Apart from anything else, I wouldn’t rank my own students this way – it’s intrinsically arbitrary and unfair. Food for thought.


Declining Quality (In the Latin Sense)

“I’m quality. You’re a mediocrity. He’s rubbish.”

These are some of the (facetious) opening words from a recent opinion piece in The Australian by Professor Greg Craven, Vice Chancellor of Australian Catholic University. In this short piece, entitled (sic) “When elitism rules the real elite is lost in shuffle” (as, apparently, is the punctuation) he addresses that fundamental question “what is quality?” As he rightly points out, basing our assessment of quality of a student on an end-of-secondary-school mark (the Australian Tertiary Admission Rank, or ATAR, in Australia, or the equivalent in any other country) when it tells you nothing about knowledge, capacity or intellect.

What appears to be a ‘low’ ATAR of 66 tells you that this student performed better than two thirds of his or her peers in this young. In Craven’s own words:

“So moaning about an ATAR of 51 to 80 is like crying over an Olympic silver medal. No, it’s not gold, but you still swim faster than most people.”

There is no assessment of the road taken to reach the ATAR either. A student who overcame ferocious personal and societal disadvantage to earn a 70 would look exactly the same as a privileged and gifted student who put in a reasonable effort and achieved the same rank. From a University educator’s perspective, when the going gets tough, I’m pretty sure I know who is more likely to stay in the course and develop the right skill set.
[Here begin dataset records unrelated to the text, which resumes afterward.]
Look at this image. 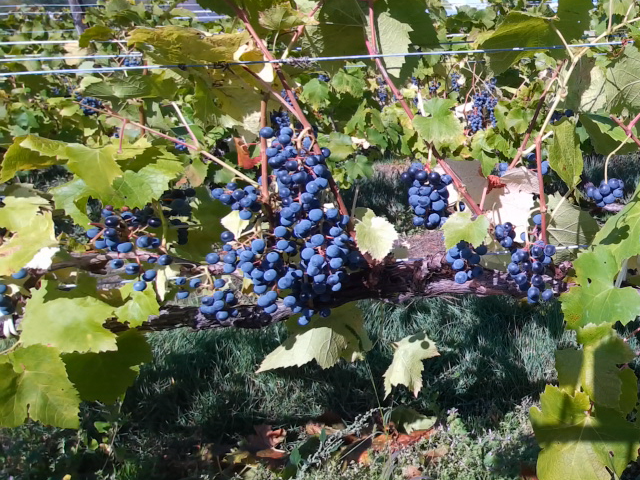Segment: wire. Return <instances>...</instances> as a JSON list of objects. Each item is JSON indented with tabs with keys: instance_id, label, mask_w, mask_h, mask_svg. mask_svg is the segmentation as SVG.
<instances>
[{
	"instance_id": "wire-1",
	"label": "wire",
	"mask_w": 640,
	"mask_h": 480,
	"mask_svg": "<svg viewBox=\"0 0 640 480\" xmlns=\"http://www.w3.org/2000/svg\"><path fill=\"white\" fill-rule=\"evenodd\" d=\"M565 44H553L545 46H522L511 48H483L460 51H430V52H393L384 54H358L345 56H313L312 58H280L276 60L242 59L240 61H217L205 63H188L178 65H157V64H133L121 67H101V68H73V69H40L33 71L0 72V77L14 78L20 76H35L42 74L68 75L75 73H103V72H123L135 69H155V70H180L190 68H208L219 66H242L244 64L255 65H278L282 63H323L333 61H348L361 59H387V58H415L432 56H462L485 53H513L523 51H547L555 49H565Z\"/></svg>"
}]
</instances>
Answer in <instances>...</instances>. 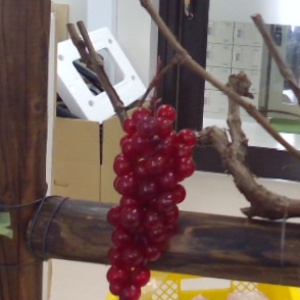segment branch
Masks as SVG:
<instances>
[{"instance_id": "30e6481e", "label": "branch", "mask_w": 300, "mask_h": 300, "mask_svg": "<svg viewBox=\"0 0 300 300\" xmlns=\"http://www.w3.org/2000/svg\"><path fill=\"white\" fill-rule=\"evenodd\" d=\"M142 8L150 15L153 22L169 36L178 54L172 58L163 68V70L154 77L148 84L146 91L138 99L132 100L130 104L124 107L123 101L119 98L106 72H104V59L100 53H97L84 24V21H76L79 32L84 39L87 49L86 53L82 40L77 35L74 23H67L66 28L73 46L80 52V62L87 67L90 72L97 75L100 79L102 88L107 92L108 99L120 117V124H123L127 117V112L135 107H141L148 98V95L155 87V82L162 77L167 70L180 61L191 66L199 75L208 81L215 89L227 96L229 103V116L226 124L229 129V135L232 142L229 141L226 132L218 125L212 124L201 130H194L197 136V144L194 148H205L210 139L215 149L219 150L220 157L223 159L222 166L234 177V182L241 193H243L250 205L240 207V210L249 217H262L268 219H277L284 217H300V199H292L286 196L274 194L262 185H258L254 178L249 174L248 168L244 165L247 151V138L245 137L242 123L240 120V108L243 107L245 113L250 116L263 132L273 140H276L284 149L300 157V150L289 143L285 137L278 133L275 127L268 124L261 113H282L300 118V114L284 110H259L243 97L254 100V95L249 92L252 82L248 79L244 71L237 74L228 75V80L223 83L216 80L201 64L197 63L191 54L181 46L178 39L173 35L172 30L166 25L164 20L158 14L156 8L152 5V0H148L147 7L143 0H139Z\"/></svg>"}, {"instance_id": "325d2c04", "label": "branch", "mask_w": 300, "mask_h": 300, "mask_svg": "<svg viewBox=\"0 0 300 300\" xmlns=\"http://www.w3.org/2000/svg\"><path fill=\"white\" fill-rule=\"evenodd\" d=\"M250 18L252 19L254 25L259 30L260 34L262 35L264 41L269 46L271 53L276 61L278 70L283 74L287 82L289 83L291 89L297 96L298 100H300V87L296 84L293 76L291 75L290 71L286 68V65L284 64V60L281 58V56L278 54L277 50L275 49V46L273 45L272 38L269 36V33L266 29L265 23L262 20V17L259 12H254L253 15H250Z\"/></svg>"}]
</instances>
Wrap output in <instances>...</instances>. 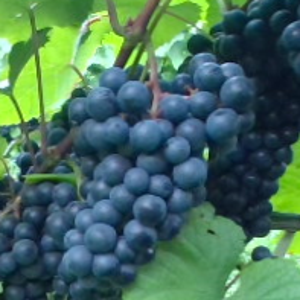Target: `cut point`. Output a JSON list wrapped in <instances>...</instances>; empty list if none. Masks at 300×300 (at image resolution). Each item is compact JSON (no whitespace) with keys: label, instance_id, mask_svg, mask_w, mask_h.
I'll use <instances>...</instances> for the list:
<instances>
[{"label":"cut point","instance_id":"cut-point-1","mask_svg":"<svg viewBox=\"0 0 300 300\" xmlns=\"http://www.w3.org/2000/svg\"><path fill=\"white\" fill-rule=\"evenodd\" d=\"M140 41L144 44L147 65V76L143 80V83L146 86H158L160 84V80L158 79V64L152 40L150 39V33L144 31L140 36Z\"/></svg>","mask_w":300,"mask_h":300}]
</instances>
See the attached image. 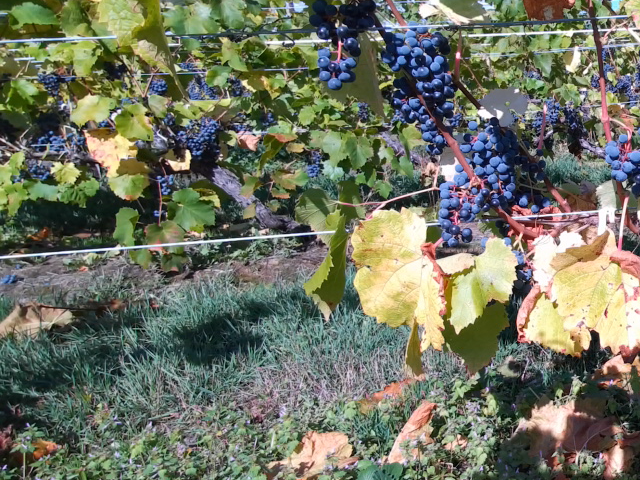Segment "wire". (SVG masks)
<instances>
[{
    "mask_svg": "<svg viewBox=\"0 0 640 480\" xmlns=\"http://www.w3.org/2000/svg\"><path fill=\"white\" fill-rule=\"evenodd\" d=\"M335 233H336L335 229H330V230L314 231V232L257 234L250 237L199 239L194 241H168L165 243L135 245V246H105V247H92L88 249L76 248V249H69V250H54L52 252H27V253H16V254H3V255H0V260L29 258V257H54L56 255L91 254L94 252H108V251L150 250V249H158V248H167L170 246H196L201 244L252 242L260 239H273V238L317 237V236L332 235Z\"/></svg>",
    "mask_w": 640,
    "mask_h": 480,
    "instance_id": "d2f4af69",
    "label": "wire"
},
{
    "mask_svg": "<svg viewBox=\"0 0 640 480\" xmlns=\"http://www.w3.org/2000/svg\"><path fill=\"white\" fill-rule=\"evenodd\" d=\"M630 14L623 15H589L583 17H567V18H536L530 20H510L503 22H494V21H478V22H470V23H450L449 25L441 24V23H425V24H417L412 26H394V25H386L380 27H369V32H383V31H415L419 29H427V28H439L443 30H453L454 28H472V27H480V26H492V27H505L512 25H532L538 23H569V22H586L591 20H599V21H610V20H625L630 19Z\"/></svg>",
    "mask_w": 640,
    "mask_h": 480,
    "instance_id": "a73af890",
    "label": "wire"
},
{
    "mask_svg": "<svg viewBox=\"0 0 640 480\" xmlns=\"http://www.w3.org/2000/svg\"><path fill=\"white\" fill-rule=\"evenodd\" d=\"M289 33H311L317 34L318 30L314 28H287L273 31L252 32V31H198L183 33H167V38H186L201 36H249V37H266Z\"/></svg>",
    "mask_w": 640,
    "mask_h": 480,
    "instance_id": "4f2155b8",
    "label": "wire"
},
{
    "mask_svg": "<svg viewBox=\"0 0 640 480\" xmlns=\"http://www.w3.org/2000/svg\"><path fill=\"white\" fill-rule=\"evenodd\" d=\"M115 35H95V36H70V37H55V38H47V37H32L28 39H0V44L10 45V44H30L34 42H45V43H58V42H73V41H97V40H115Z\"/></svg>",
    "mask_w": 640,
    "mask_h": 480,
    "instance_id": "f0478fcc",
    "label": "wire"
},
{
    "mask_svg": "<svg viewBox=\"0 0 640 480\" xmlns=\"http://www.w3.org/2000/svg\"><path fill=\"white\" fill-rule=\"evenodd\" d=\"M601 209L589 210V211H581L576 210L573 212H548V213H538L532 215H515V220H535L540 218H550V217H575V216H591L601 214Z\"/></svg>",
    "mask_w": 640,
    "mask_h": 480,
    "instance_id": "a009ed1b",
    "label": "wire"
}]
</instances>

We see the ‘gifted but unfocused’ drift in, realise that actual work is required and then drift out again with monotonous regularity. The strugglers, the strivers, the ones who had to fight through to get here – that tenacity would be wonderful to measure.

The ATAR serves a useful purpose as a number that we can use to say “These students can come in” and “these can’t”, except that a number of factors affect the setting of that cut-off. The first is that high prestige courses lose that prestige if you drop the cut-off. Students from certain backgrounds will not select low ATAR courses, even if they are known to be of higher value or rigour, because they reverse shop on the cut-off score. The notion that being a single ATAR point short of getting in is anything other than noise is, obviously, not valid. It’s not as if we sat down and said that the ATAR corresponds to a certain combination of all of these desirable traits and being one short is just not good enough.
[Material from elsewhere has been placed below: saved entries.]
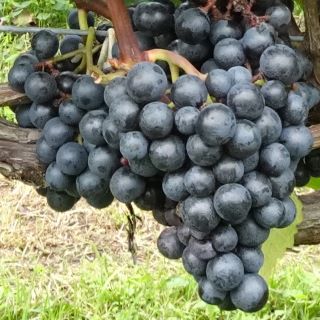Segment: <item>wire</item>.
<instances>
[{
    "label": "wire",
    "mask_w": 320,
    "mask_h": 320,
    "mask_svg": "<svg viewBox=\"0 0 320 320\" xmlns=\"http://www.w3.org/2000/svg\"><path fill=\"white\" fill-rule=\"evenodd\" d=\"M44 29L51 30L54 33H60V34H74V35L88 34V30H83V29L0 26V31L26 32V33H38L40 30H44Z\"/></svg>",
    "instance_id": "obj_1"
},
{
    "label": "wire",
    "mask_w": 320,
    "mask_h": 320,
    "mask_svg": "<svg viewBox=\"0 0 320 320\" xmlns=\"http://www.w3.org/2000/svg\"><path fill=\"white\" fill-rule=\"evenodd\" d=\"M95 35L108 36V32L106 30H95Z\"/></svg>",
    "instance_id": "obj_2"
}]
</instances>
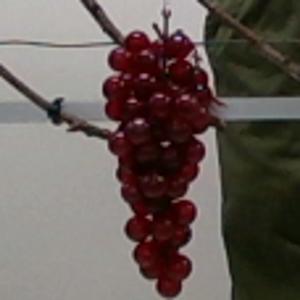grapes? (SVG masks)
<instances>
[{
	"mask_svg": "<svg viewBox=\"0 0 300 300\" xmlns=\"http://www.w3.org/2000/svg\"><path fill=\"white\" fill-rule=\"evenodd\" d=\"M190 37L175 34L151 40L135 30L108 57L112 75L102 92L108 120L119 123L108 140L118 158L115 178L135 214L124 233L136 243L132 257L143 278L156 281L160 296L173 299L183 289L193 263L180 248L189 244L198 209L183 199L200 174L206 147L195 136L210 126L207 108L214 93L205 69L188 58Z\"/></svg>",
	"mask_w": 300,
	"mask_h": 300,
	"instance_id": "obj_1",
	"label": "grapes"
}]
</instances>
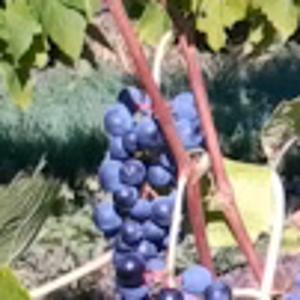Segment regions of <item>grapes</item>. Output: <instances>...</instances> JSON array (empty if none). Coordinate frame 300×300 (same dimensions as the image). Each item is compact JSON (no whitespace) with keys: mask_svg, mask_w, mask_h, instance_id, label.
Segmentation results:
<instances>
[{"mask_svg":"<svg viewBox=\"0 0 300 300\" xmlns=\"http://www.w3.org/2000/svg\"><path fill=\"white\" fill-rule=\"evenodd\" d=\"M117 104L101 117L112 140L97 170L99 188L110 194L93 211V225L114 249L109 257L116 300H186L176 287L155 294L144 276L166 265L174 198L165 191L177 182V161L167 149L155 116H139L149 106L135 87L121 89Z\"/></svg>","mask_w":300,"mask_h":300,"instance_id":"grapes-1","label":"grapes"},{"mask_svg":"<svg viewBox=\"0 0 300 300\" xmlns=\"http://www.w3.org/2000/svg\"><path fill=\"white\" fill-rule=\"evenodd\" d=\"M170 112L183 150L193 154L202 149L205 144L196 121L192 93L183 90L174 94L170 100Z\"/></svg>","mask_w":300,"mask_h":300,"instance_id":"grapes-2","label":"grapes"},{"mask_svg":"<svg viewBox=\"0 0 300 300\" xmlns=\"http://www.w3.org/2000/svg\"><path fill=\"white\" fill-rule=\"evenodd\" d=\"M180 289L189 297H204V300H233L232 287L221 280H213L201 265H190L178 275Z\"/></svg>","mask_w":300,"mask_h":300,"instance_id":"grapes-3","label":"grapes"}]
</instances>

Craven makes a good point. The ATAR is a convenient tool but a meaningless number. Determining the genuine qualities of a student is not easy and working out which qualities map to the ‘ideal’ student who will perform well in the University setting is nigh-on impossible. True quality assessment is multi-faceted. It allow for bad years, slow starts or disadvantage, and alternative pathways. Education is opportunity – using quality as an argument to exclude people is a weapon that has been overused in the past and should be put down now. We seem to believe that hitting the government goal of 40% of the population entering higher education requires us to let in just about anyone and the sky will fall – low quality will ruin us! As Craven says, if the OECD can achieve 40%, why can’t we? Are we really all that special?
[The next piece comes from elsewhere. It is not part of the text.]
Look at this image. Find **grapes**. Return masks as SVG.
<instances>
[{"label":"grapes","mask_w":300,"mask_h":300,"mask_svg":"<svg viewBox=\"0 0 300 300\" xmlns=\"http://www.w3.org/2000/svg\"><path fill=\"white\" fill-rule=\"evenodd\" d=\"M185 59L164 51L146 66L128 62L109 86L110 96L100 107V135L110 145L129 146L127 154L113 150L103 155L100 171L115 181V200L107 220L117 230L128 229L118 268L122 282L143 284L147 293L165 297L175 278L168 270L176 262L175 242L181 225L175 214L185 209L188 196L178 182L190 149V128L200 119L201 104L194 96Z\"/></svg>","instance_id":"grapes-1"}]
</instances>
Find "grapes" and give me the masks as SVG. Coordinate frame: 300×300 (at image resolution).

Craven makes two points that really resonate with me. Firstly, that it is the graduates that come out that determine the final quality. To be honest, if you want to see how good a University is, look at its graduates in about 20 years. You’ll know about the person and the institution by doing that. If the input quality of student is so important then what exactly is it that we are doing at the Uni level? Just minding them for three years while they… excel?

Secondly, that quality is not personal but national. To quote Craven again:

A country that discards its talent out of prejudice or poor policy fatally weakens its own productivity.

Determining the quality of a student but looking at one number, taken at a point where their personality has barely formed, which is not generous in its accommodation of struggle or disadvantage, is utterly the wrong way to express a complex concept such as quality.

What is quality? That’s the homework that Craven leaves us with – define “quality”. Really.